Methods: : Immunohistochemistry with antibodies to GABA, GAD₆₅, GAD₆₇, VGAT, GAT-1 and GAT-3 were used to evaluate adult guinea pig retina in vertical sections and after acute dissociation. Retinal whole-mounts were evaluated with antibodies to GAD₆₅ and the horizontal cell marker calbindin. Horizontal cells were collected using laser capture microdissection (LCM). Total RNA was extracted from LCM microdissected horizontal cells using a RNA Nanoprep kit (Stratagene, CA). Degenerate RT-PCR was performed to detect GAD₆₅ mRNA in horizontal cells.

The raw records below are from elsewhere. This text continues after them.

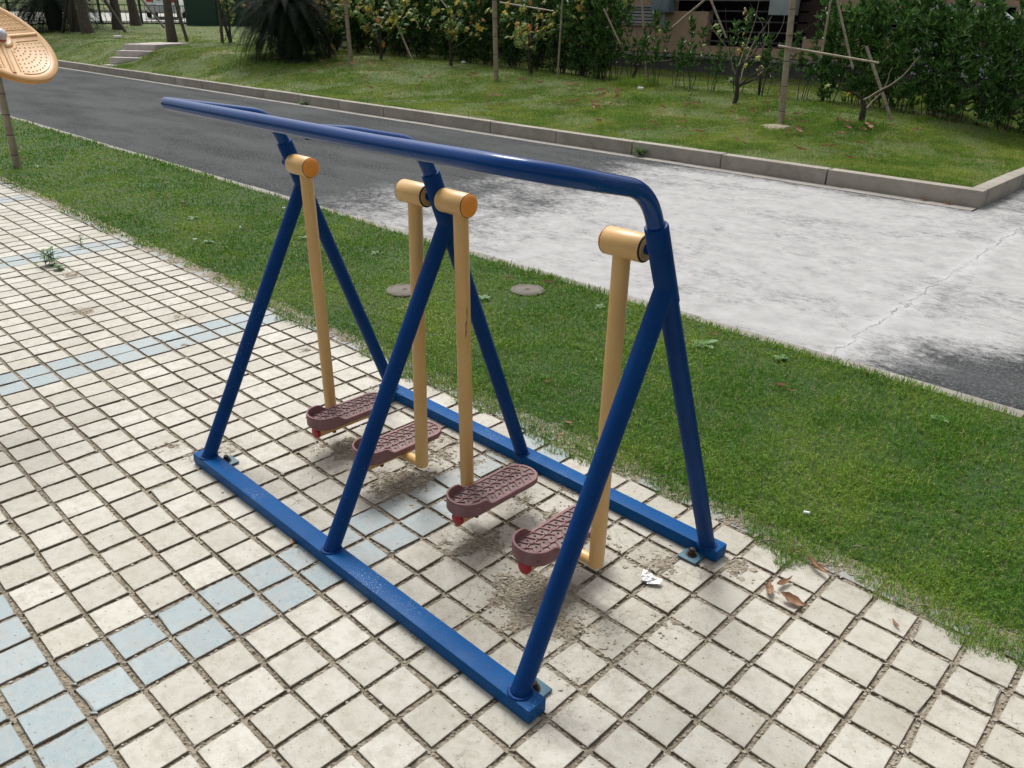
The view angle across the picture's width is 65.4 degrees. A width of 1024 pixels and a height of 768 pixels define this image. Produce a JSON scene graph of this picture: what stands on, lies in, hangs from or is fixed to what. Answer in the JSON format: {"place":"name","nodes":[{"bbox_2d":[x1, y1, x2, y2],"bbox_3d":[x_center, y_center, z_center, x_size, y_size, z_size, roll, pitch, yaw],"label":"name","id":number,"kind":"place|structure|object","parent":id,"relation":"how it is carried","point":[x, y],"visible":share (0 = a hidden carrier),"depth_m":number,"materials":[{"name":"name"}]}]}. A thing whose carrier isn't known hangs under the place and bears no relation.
{"place":"outdoors","nodes":[
{"label":"outdoors","id":0,"kind":"place"},
{"bbox_2d":[0,7,57,83],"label":"massage disc","id":1,"kind":"object","parent":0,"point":[27,55],"visible":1,"depth_m":3.79,"materials":[{"name":"cream yellow plastic"},{"name":"grey metal"}]},
{"bbox_2d":[10,11,185,22],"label":"cross road","id":2,"kind":"structure","parent":0,"point":[123,16],"depth_m":47.19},
{"bbox_2d":[144,0,184,17],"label":"parked car","id":3,"kind":"object","parent":2,"relation":"on","point":[160,2],"visible":0.52,"depth_m":46.02,"materials":[{"name":"white paint"}]},
{"bbox_2d":[0,177,1023,767],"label":"tile paving","id":4,"kind":"structure","parent":0,"point":[436,719],"depth_m":2.73,"materials":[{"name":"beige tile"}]},
{"bbox_2d":[34,246,60,266],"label":"weed","id":5,"kind":"object","parent":4,"relation":"on","point":[47,257],"visible":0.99,"depth_m":6.15,"materials":[{"name":"green plant"}]},
{"bbox_2d":[160,97,726,723],"bbox_3d":[-0.290,-0.205,2.934,2.043,1.544,1.104,23,33,39],"label":"air walker","id":6,"kind":"object","parent":4,"relation":"on","point":[524,691],"visible":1,"depth_m":2.80,"materials":[{"name":"blue paint"}]},
{"bbox_2d":[1,216,1023,767],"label":"mud flakes","id":7,"kind":"object","parent":4,"relation":"on","point":[709,568],"visible":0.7,"depth_m":2.74,"materials":[{"name":"brown soil"}]},
{"bbox_2d":[641,569,662,583],"bbox_3d":[0.496,0.693,2.837,0.079,0.035,0.060,10,26,19],"label":"crumpled paper","id":8,"kind":"object","parent":4,"relation":"on","point":[650,578],"visible":1,"depth_m":2.83,"materials":[{"name":"white paper"}]},
{"bbox_2d":[766,579,773,601],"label":"fallen leaf","id":9,"kind":"object","parent":4,"relation":"on","point":[770,589],"visible":1,"depth_m":2.81,"materials":[{"name":"brown plant"}]},
{"bbox_2d":[774,591,806,606],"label":"fallen leaf","id":10,"kind":"object","parent":4,"relation":"on","point":[792,598],"visible":1,"depth_m":2.75,"materials":[{"name":"brown plant"}]},
{"bbox_2d":[801,554,828,572],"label":"fallen leaf","id":11,"kind":"object","parent":4,"relation":"on","point":[816,564],"visible":1,"depth_m":2.91,"materials":[{"name":"brown plant"}]},
{"bbox_2d":[0,68,1023,410],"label":"road","id":12,"kind":"structure","parent":0,"point":[926,292],"depth_m":7.65,"materials":[{"name":"grey asphalt"}]},
{"bbox_2d":[10,116,1023,417],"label":"road edging","id":13,"kind":"object","parent":12,"relation":"on","point":[898,376],"visible":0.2,"depth_m":5.31,"materials":[{"name":"concrete"}]},
{"bbox_2d":[58,67,976,211],"bbox_3d":[-17.226,-11.293,28.035,61.952,0.096,0.196,23,33,39],"label":"gutter strip","id":14,"kind":"object","parent":12,"relation":"on","point":[921,201],"visible":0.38,"depth_m":11.50,"materials":[{"name":"concrete"}]},
{"bbox_2d":[0,113,1023,672],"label":"lawn","id":15,"kind":"structure","parent":0,"point":[240,191],"depth_m":4.33,"materials":[{"name":"plant"}]},
{"bbox_2d":[0,77,21,168],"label":"bamboo stake","id":16,"kind":"object","parent":15,"relation":"on","point":[11,140],"visible":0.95,"depth_m":9.56,"materials":[{"name":"brown wood"}]},
{"bbox_2d":[385,284,410,297],"bbox_3d":[-0.763,-0.656,5.698,0.273,0.051,0.271,23,33,39],"label":"stepping stone","id":17,"kind":"object","parent":15,"relation":"on","point":[399,290],"visible":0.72,"depth_m":5.66,"materials":[{"name":"stone"}]},
{"bbox_2d":[510,284,544,296],"bbox_3d":[0.115,-0.668,5.783,0.252,0.051,0.251,23,33,39],"label":"stepping stone","id":18,"kind":"object","parent":15,"relation":"on","point":[525,289],"visible":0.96,"depth_m":5.75,"materials":[{"name":"stone"}]},
{"bbox_2d":[692,339,718,348],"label":"weed","id":19,"kind":"object","parent":15,"relation":"on","point":[709,342],"visible":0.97,"depth_m":4.85,"materials":[{"name":"green plant"}]},
{"bbox_2d":[0,0,1023,186],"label":"grass bank","id":20,"kind":"structure","parent":0,"point":[144,27],"depth_m":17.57,"materials":[{"name":"green plant"}]},
{"bbox_2d":[0,0,111,33],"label":"cycad","id":21,"kind":"object","parent":20,"relation":"on","point":[53,12],"visible":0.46,"depth_m":33.74,"materials":[{"name":"green plant"}]},
{"bbox_2d":[61,0,68,32],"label":"tree prop","id":22,"kind":"object","parent":20,"relation":"on","point":[64,17],"visible":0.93,"depth_m":32.33,"materials":[{"name":"brown wood"}]},
{"bbox_2d":[68,0,71,31],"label":"tree prop","id":23,"kind":"object","parent":20,"relation":"on","point":[69,16],"visible":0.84,"depth_m":32.97,"materials":[{"name":"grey wood"}]},
{"bbox_2d":[67,0,80,31],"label":"tree","id":24,"kind":"object","parent":20,"relation":"on","point":[75,25],"visible":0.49,"depth_m":33.27,"materials":[{"name":"brown plant"}]},
{"bbox_2d":[76,0,94,33],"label":"tree","id":25,"kind":"object","parent":20,"relation":"on","point":[85,25],"visible":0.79,"depth_m":32.48,"materials":[{"name":"brown plant"}]},
{"bbox_2d":[5,8,176,13],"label":"cross road kerb","id":26,"kind":"structure","parent":20,"relation":"on","point":[96,10],"depth_m":51.43,"materials":[{"name":"concrete"}]},
{"bbox_2d":[1,0,185,24],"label":"iron fence","id":27,"kind":"object","parent":20,"relation":"on","point":[139,5],"visible":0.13,"depth_m":40.07,"materials":[{"name":"black metal"}]},
{"bbox_2d":[103,0,127,32],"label":"tree prop","id":28,"kind":"object","parent":20,"relation":"on","point":[115,17],"visible":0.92,"depth_m":33.84,"materials":[{"name":"brown wood"}]},
{"bbox_2d":[109,0,122,29],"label":"tree","id":29,"kind":"object","parent":20,"relation":"on","point":[114,4],"visible":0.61,"depth_m":34.78,"materials":[{"name":"brown plant"}]},
{"bbox_2d":[126,0,141,25],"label":"tree","id":30,"kind":"object","parent":20,"relation":"on","point":[134,18],"visible":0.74,"depth_m":38.43,"materials":[{"name":"brown plant"}]},
{"bbox_2d":[101,42,188,65],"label":"stone steps","id":31,"kind":"structure","parent":20,"relation":"on","point":[130,52],"depth_m":24.78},
{"bbox_2d":[163,0,177,42],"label":"tree","id":32,"kind":"object","parent":20,"relation":"on","point":[171,35],"visible":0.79,"depth_m":27.07,"materials":[{"name":"brown plant"}]},
{"bbox_2d":[173,0,188,41],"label":"tree prop","id":33,"kind":"object","parent":20,"relation":"on","point":[181,22],"visible":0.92,"depth_m":27.70,"materials":[{"name":"brown wood"}]},
{"bbox_2d":[217,0,223,42],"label":"tree prop","id":34,"kind":"object","parent":20,"relation":"on","point":[220,23],"visible":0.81,"depth_m":26.37,"materials":[{"name":"brown wood"}]},
{"bbox_2d":[183,0,269,25],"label":"green hoarding","id":35,"kind":"object","parent":20,"relation":"on","point":[201,13],"visible":0.09,"depth_m":40.83,"materials":[{"name":"paint"}]},
{"bbox_2d":[214,0,262,42],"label":"vine sapling","id":36,"kind":"object","parent":20,"relation":"on","point":[229,6],"visible":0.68,"depth_m":26.34,"materials":[{"name":"green plant"}]},
{"bbox_2d":[216,0,355,64],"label":"cycad","id":37,"kind":"object","parent":20,"relation":"on","point":[288,25],"visible":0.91,"depth_m":20.74,"materials":[{"name":"green plant"}]},
{"bbox_2d":[305,0,353,58],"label":"vine sapling","id":38,"kind":"object","parent":20,"relation":"on","point":[338,9],"visible":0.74,"depth_m":21.03,"materials":[{"name":"green plant"}]},
{"bbox_2d":[316,0,344,50],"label":"hedge shrub","id":39,"kind":"object","parent":20,"relation":"on","point":[339,23],"visible":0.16,"depth_m":23.51,"materials":[{"name":"green plant"}]},
{"bbox_2d":[343,0,352,63],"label":"bamboo stake","id":40,"kind":"object","parent":20,"relation":"on","point":[348,35],"visible":0.98,"depth_m":20.39,"materials":[{"name":"brown wood"}]},
{"bbox_2d":[337,0,371,52],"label":"hedge shrub","id":41,"kind":"object","parent":20,"relation":"on","point":[355,30],"visible":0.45,"depth_m":23.08,"materials":[{"name":"green plant"}]},
{"bbox_2d":[353,0,393,53],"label":"hedge shrub","id":42,"kind":"object","parent":20,"relation":"on","point":[383,33],"visible":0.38,"depth_m":22.74,"materials":[{"name":"green plant"}]},
{"bbox_2d":[347,0,419,59],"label":"vine sapling","id":43,"kind":"object","parent":20,"relation":"on","point":[393,18],"visible":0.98,"depth_m":20.82,"materials":[{"name":"green plant"}]},
{"bbox_2d":[377,0,417,56],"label":"hedge shrub","id":44,"kind":"object","parent":20,"relation":"on","point":[400,48],"visible":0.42,"depth_m":22.32,"materials":[{"name":"green plant"}]},
{"bbox_2d":[385,0,412,59],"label":"bamboo stake","id":45,"kind":"object","parent":20,"relation":"on","point":[406,46],"visible":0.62,"depth_m":21.05,"materials":[{"name":"brown wood"}]},
{"bbox_2d":[401,0,438,57],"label":"hedge shrub","id":46,"kind":"object","parent":20,"relation":"on","point":[422,33],"visible":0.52,"depth_m":22.02,"materials":[{"name":"green plant"}]},
{"bbox_2d":[421,0,465,59],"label":"hedge shrub","id":47,"kind":"object","parent":20,"relation":"on","point":[441,41],"visible":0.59,"depth_m":21.58,"materials":[{"name":"green plant"}]},
{"bbox_2d":[398,0,491,65],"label":"vine sapling","id":48,"kind":"object","parent":20,"relation":"on","point":[454,32],"visible":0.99,"depth_m":19.76,"materials":[{"name":"green plant"}]},
{"bbox_2d":[446,0,481,62],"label":"hedge shrub","id":49,"kind":"object","parent":20,"relation":"on","point":[466,52],"visible":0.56,"depth_m":21.04,"materials":[{"name":"green plant"}]},
{"bbox_2d":[465,0,504,64],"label":"hedge shrub","id":50,"kind":"object","parent":20,"relation":"on","point":[486,47],"visible":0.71,"depth_m":20.43,"materials":[{"name":"green plant"}]},
{"bbox_2d":[492,0,498,80],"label":"bamboo stake","id":51,"kind":"object","parent":20,"relation":"on","point":[495,40],"visible":0.96,"depth_m":17.33,"materials":[{"name":"brown wood"}]},
{"bbox_2d":[489,0,533,67],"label":"hedge shrub","id":52,"kind":"object","parent":20,"relation":"on","point":[511,53],"visible":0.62,"depth_m":20.11,"materials":[{"name":"green plant"}]},
{"bbox_2d":[499,2,553,11],"bbox_3d":[0.323,-8.616,18.200,1.693,0.202,0.042,23,33,39],"label":"bamboo cane","id":53,"kind":"object","parent":20,"relation":"on","point":[528,7],"visible":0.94,"depth_m":18.09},
{"bbox_2d":[499,0,569,73],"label":"vine sapling","id":54,"kind":"object","parent":20,"relation":"on","point":[522,41],"visible":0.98,"depth_m":18.19,"materials":[{"name":"green plant"}]},
{"bbox_2d":[516,0,552,69],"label":"hedge shrub","id":55,"kind":"object","parent":20,"relation":"on","point":[536,56],"visible":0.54,"depth_m":19.47,"materials":[{"name":"green plant"}]},
{"bbox_2d":[535,0,580,73],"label":"hedge shrub","id":56,"kind":"object","parent":20,"relation":"on","point":[555,43],"visible":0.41,"depth_m":19.16,"materials":[{"name":"green plant"}]},
{"bbox_2d":[557,0,562,77],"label":"bamboo stake","id":57,"kind":"object","parent":20,"relation":"on","point":[560,39],"visible":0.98,"depth_m":17.36,"materials":[{"name":"brown wood"}]},
{"bbox_2d":[555,0,612,76],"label":"hedge shrub","id":58,"kind":"object","parent":20,"relation":"on","point":[578,60],"visible":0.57,"depth_m":17.95,"materials":[{"name":"green plant"}]},
{"bbox_2d":[542,0,627,75],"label":"vine sapling","id":59,"kind":"object","parent":20,"relation":"on","point":[577,7],"visible":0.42,"depth_m":18.02,"materials":[{"name":"green plant"}]},
{"bbox_2d":[581,0,637,78],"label":"hedge shrub","id":60,"kind":"object","parent":20,"relation":"on","point":[598,47],"visible":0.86,"depth_m":17.23,"materials":[{"name":"green plant"}]},
{"bbox_2d":[556,104,663,122],"bbox_3d":[1.675,-4.768,13.908,2.466,0.248,1.504,23,33,39],"label":"grass tuft","id":61,"kind":"object","parent":20,"relation":"on","point":[623,112],"visible":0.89,"depth_m":13.86,"materials":[{"name":"green plant"}]},
{"bbox_2d":[603,0,634,79],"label":"hedge shrub","id":62,"kind":"object","parent":20,"relation":"on","point":[610,31],"visible":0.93,"depth_m":16.89,"materials":[{"name":"green plant"}]},
{"bbox_2d":[620,22,651,77],"bbox_3d":[2.536,-6.848,16.495,0.528,1.208,0.579,-16,30,-32],"label":"hedge shrub","id":63,"kind":"object","parent":20,"relation":"on","point":[634,44],"visible":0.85,"depth_m":16.49,"materials":[{"name":"green plant"}]},
{"bbox_2d":[606,74,668,88],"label":"grass tuft","id":64,"kind":"object","parent":20,"relation":"on","point":[636,81],"visible":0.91,"depth_m":16.06,"materials":[{"name":"green plant"}]},
{"bbox_2d":[615,4,670,77],"bbox_3d":[2.891,-7.305,16.907,0.939,1.710,2.159,-8,26,-18],"label":"vine sapling","id":65,"kind":"object","parent":20,"relation":"on","point":[642,62],"visible":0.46,"depth_m":17.07,"materials":[{"name":"brown plant"}]},
{"bbox_2d":[641,0,647,78],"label":"bamboo stake","id":66,"kind":"object","parent":20,"relation":"on","point":[643,25],"visible":0.69,"depth_m":16.29,"materials":[{"name":"brown wood"}]},
{"bbox_2d":[641,9,672,84],"bbox_3d":[2.924,-6.733,15.973,0.706,1.469,0.526,-10,27,-22],"label":"hedge shrub","id":67,"kind":"object","parent":20,"relation":"on","point":[650,57],"visible":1,"depth_m":15.97,"materials":[{"name":"green plant"}]},
{"bbox_2d":[603,89,712,106],"bbox_3d":[2.566,-5.313,14.790,2.228,0.261,1.460,23,33,39],"label":"grass tuft","id":68,"kind":"object","parent":20,"relation":"on","point":[646,98],"visible":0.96,"depth_m":14.82,"materials":[{"name":"green plant"}]},
{"bbox_2d":[669,37,689,85],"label":"hedge shrub","id":69,"kind":"object","parent":20,"relation":"on","point":[675,58],"visible":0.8,"depth_m":15.91,"materials":[{"name":"green plant"}]},
{"bbox_2d":[672,0,705,27],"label":"bamboo cane","id":70,"kind":"object","parent":20,"relation":"on","point":[686,15],"visible":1,"depth_m":14.66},
{"bbox_2d":[675,14,708,87],"bbox_3d":[3.538,-6.435,15.488,0.681,1.395,0.508,-8,26,-18],"label":"hedge shrub","id":71,"kind":"object","parent":20,"relation":"on","point":[686,62],"visible":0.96,"depth_m":15.48,"materials":[{"name":"green plant"}]},
{"bbox_2d":[704,38,728,91],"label":"hedge shrub","id":72,"kind":"object","parent":20,"relation":"on","point":[720,60],"visible":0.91,"depth_m":15.24,"materials":[{"name":"green plant"}]},
{"bbox_2d":[710,0,726,38],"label":"bamboo cane","id":73,"kind":"object","parent":20,"relation":"on","point":[717,16],"visible":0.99,"depth_m":14.49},
{"bbox_2d":[699,2,783,103],"bbox_3d":[4.092,-5.772,13.842,1.501,1.817,1.241,16,29,29],"label":"vine sapling","id":74,"kind":"object","parent":20,"relation":"on","point":[737,83],"visible":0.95,"depth_m":13.88,"materials":[{"name":"brown plant"}]},
{"bbox_2d":[728,7,760,92],"bbox_3d":[4.304,-6.258,14.993,0.683,1.568,0.509,-7,26,-17],"label":"hedge shrub","id":75,"kind":"object","parent":20,"relation":"on","point":[736,30],"visible":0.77,"depth_m":14.93,"materials":[{"name":"green plant"}]},
{"bbox_2d":[759,33,784,95],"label":"hedge shrub","id":76,"kind":"object","parent":20,"relation":"on","point":[768,57],"visible":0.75,"depth_m":14.85,"materials":[{"name":"green plant"}]},
{"bbox_2d":[732,2,818,95],"bbox_3d":[4.919,-6.322,15.086,0.526,1.649,1.944,-16,30,-32],"label":"vine sapling","id":77,"kind":"object","parent":20,"relation":"on","point":[759,84],"visible":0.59,"depth_m":15.04,"materials":[{"name":"brown plant"}]},
{"bbox_2d":[762,124,791,129],"bbox_3d":[4.153,-3.959,12.318,0.776,0.086,0.616,23,33,39],"label":"soil heap","id":78,"kind":"object","parent":20,"relation":"on","point":[779,126],"visible":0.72,"depth_m":12.23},
{"bbox_2d":[777,0,795,124],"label":"bamboo stake","id":79,"kind":"object","parent":78,"relation":"on","point":[786,64],"visible":0.98,"depth_m":12.14,"materials":[{"name":"brown wood"}]},
{"bbox_2d":[778,45,879,63],"bbox_3d":[4.606,-4.830,11.667,1.561,0.197,0.040,23,33,39],"label":"bamboo cane","id":80,"kind":"object","parent":79,"relation":"attached to","point":[822,53],"visible":1,"depth_m":11.65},
{"bbox_2d":[775,30,802,89],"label":"hedge shrub","id":81,"kind":"object","parent":20,"relation":"on","point":[796,42],"visible":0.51,"depth_m":14.26,"materials":[{"name":"green plant"}]},
{"bbox_2d":[795,30,823,100],"bbox_3d":[5.214,-5.600,14.054,0.552,1.207,0.605,19,31,34],"label":"hedge shrub","id":82,"kind":"object","parent":20,"relation":"on","point":[812,70],"visible":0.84,"depth_m":13.96,"materials":[{"name":"green plant"}]},
{"bbox_2d":[820,0,831,57],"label":"bamboo cane","id":83,"kind":"object","parent":20,"relation":"on","point":[825,30],"visible":0.99,"depth_m":11.91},
{"bbox_2d":[814,0,867,101],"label":"hedge shrub","id":84,"kind":"object","parent":20,"relation":"on","point":[832,43],"visible":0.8,"depth_m":13.65,"materials":[{"name":"green plant"}]},
{"bbox_2d":[836,0,853,68],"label":"bamboo cane","id":85,"kind":"object","parent":20,"relation":"on","point":[843,28],"visible":0.94,"depth_m":11.79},
{"bbox_2d":[814,116,917,137],"bbox_3d":[5.284,-3.878,11.905,1.495,0.245,0.986,12,27,23],"label":"grass tuft","id":86,"kind":"object","parent":20,"relation":"on","point":[857,125],"visible":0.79,"depth_m":11.85,"materials":[{"name":"green plant"}]},
{"bbox_2d":[834,0,898,104],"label":"hedge shrub","id":87,"kind":"object","parent":20,"relation":"on","point":[857,79],"visible":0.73,"depth_m":13.23,"materials":[{"name":"green plant"}]},
{"bbox_2d":[824,56,919,122],"bbox_3d":[5.199,-4.286,11.718,1.114,1.044,0.608,-3,25,-9],"label":"vine sapling","id":88,"kind":"object","parent":20,"relation":"on","point":[862,114],"visible":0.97,"depth_m":11.88,"materials":[{"name":"brown plant"}]},
{"bbox_2d":[865,46,892,119],"bbox_3d":[5.690,-4.627,12.336,0.678,1.107,0.056,23,33,39],"label":"bamboo stake","id":89,"kind":"object","parent":20,"relation":"on","point":[879,84],"visible":0.96,"depth_m":12.32,"materials":[{"name":"brown wood"}]},
{"bbox_2d":[862,0,918,102],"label":"hedge shrub","id":90,"kind":"object","parent":20,"relation":"on","point":[885,71],"visible":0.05,"depth_m":13.74,"materials":[{"name":"green plant"}]},
{"bbox_2d":[860,0,934,107],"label":"hedge shrub","id":91,"kind":"object","parent":20,"relation":"on","point":[879,49],"visible":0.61,"depth_m":12.92,"materials":[{"name":"green plant"}]},
{"bbox_2d":[885,0,953,113],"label":"hedge shrub","id":92,"kind":"object","parent":20,"relation":"on","point":[908,58],"visible":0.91,"depth_m":12.41,"materials":[{"name":"green plant"}]},
{"bbox_2d":[915,0,977,116],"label":"hedge shrub","id":93,"kind":"object","parent":20,"relation":"on","point":[933,97],"visible":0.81,"depth_m":12.28,"materials":[{"name":"green plant"}]},
{"bbox_2d":[923,0,975,109],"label":"hedge shrub","id":94,"kind":"object","parent":20,"relation":"on","point":[948,7],"visible":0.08,"depth_m":12.67,"materials":[{"name":"green plant"}]},
{"bbox_2d":[935,0,1010,122],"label":"hedge shrub","id":95,"kind":"object","parent":20,"relation":"on","point":[972,63],"visible":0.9,"depth_m":11.90,"materials":[{"name":"green plant"}]},
{"bbox_2d":[971,0,1023,127],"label":"hedge shrub","id":96,"kind":"object","parent":20,"relation":"on","point":[986,92],"visible":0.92,"depth_m":11.91,"materials":[{"name":"green plant"}]},
{"bbox_2d":[987,2,1023,120],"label":"hedge shrub","id":97,"kind":"object","parent":20,"relation":"on","point":[1013,89],"visible":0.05,"depth_m":12.59,"materials":[{"name":"green plant"}]},
{"bbox_2d":[989,0,1023,131],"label":"hedge shrub","id":98,"kind":"object","parent":20,"relation":"on","point":[1011,107],"visible":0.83,"depth_m":12.07,"materials":[{"name":"green plant"}]},
{"bbox_2d":[1016,70,1023,133],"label":"hedge shrub","id":99,"kind":"object","parent":20,"relation":"on","point":[1020,127],"visible":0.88,"depth_m":12.38,"materials":[{"name":"green plant"}]},
{"bbox_2d":[973,188,1023,219],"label":"side road","id":100,"kind":"structure","parent":0,"point":[1011,205],"depth_m":8.76,"materials":[{"name":"concrete"}]},
{"label":"ground","id":101,"kind":"structure","parent":0,"visible":0},
{"bbox_2d":[58,60,1023,209],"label":"kerb","id":102,"kind":"structure","parent":101,"relation":"on","point":[988,192],"depth_m":11.23,"materials":[{"name":"concrete"}]},
{"bbox_2d":[316,0,1023,96],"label":"building","id":103,"kind":"structure","parent":101,"relation":"on","point":[806,11],"depth_m":20.70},
{"bbox_2d":[651,0,675,31],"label":"meter box","id":104,"kind":"object","parent":103,"relation":"attached to","point":[667,6],"visible":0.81,"depth_m":20.72,"materials":[{"name":"metal"}]},
{"bbox_2d":[652,0,667,9],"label":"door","id":105,"kind":"structure","parent":104,"relation":"in","point":[656,4],"depth_m":20.71,"materials":[{"name":"metal"}]},
{"bbox_2d":[795,0,838,39],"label":"brown door","id":106,"kind":"structure","parent":103,"relation":"in","point":[814,6],"depth_m":18.63,"materials":[{"name":"brown wood"}]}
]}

Results: : Horizontal cells contained GABA, GAD₆₅ and VGAT immunoreactivity, and they did not contain GAD₆₇, GAT-1 and GAT-3 immunoreactivity, indicating the presence of GABA synthesis in horizontal cells. GABA, GAD₆₅ and VGAT immunoreactivity was distributed to all horizontal cell bodies, as well as their processes and tips. GAD₆₅, and GAD₆₇ immunostaining in enzymatically dissociated horizontal cells and in retinal whole-mounts showed that GAD₆₅ immunoreactivity was present in both A-type and B-type horizontal cells. Degenerate RT-PCR using primers specific to GAD₆₅ detected the presence of GAD₆₅ mRNA in horizontal cells. Sequencing of the amplified GAD₆₅ fragment (126 bp) showed an 87% identity of the GAD₆₅ mRNAs between guinea pig and mouse horizontal cells.

Conclusions: : These studies provide evidence for GABA synthesis in horizontal cells of the guinea pig retina and support the idea that vesicular transmitter release machinery is present in the mammalian horizontal cells.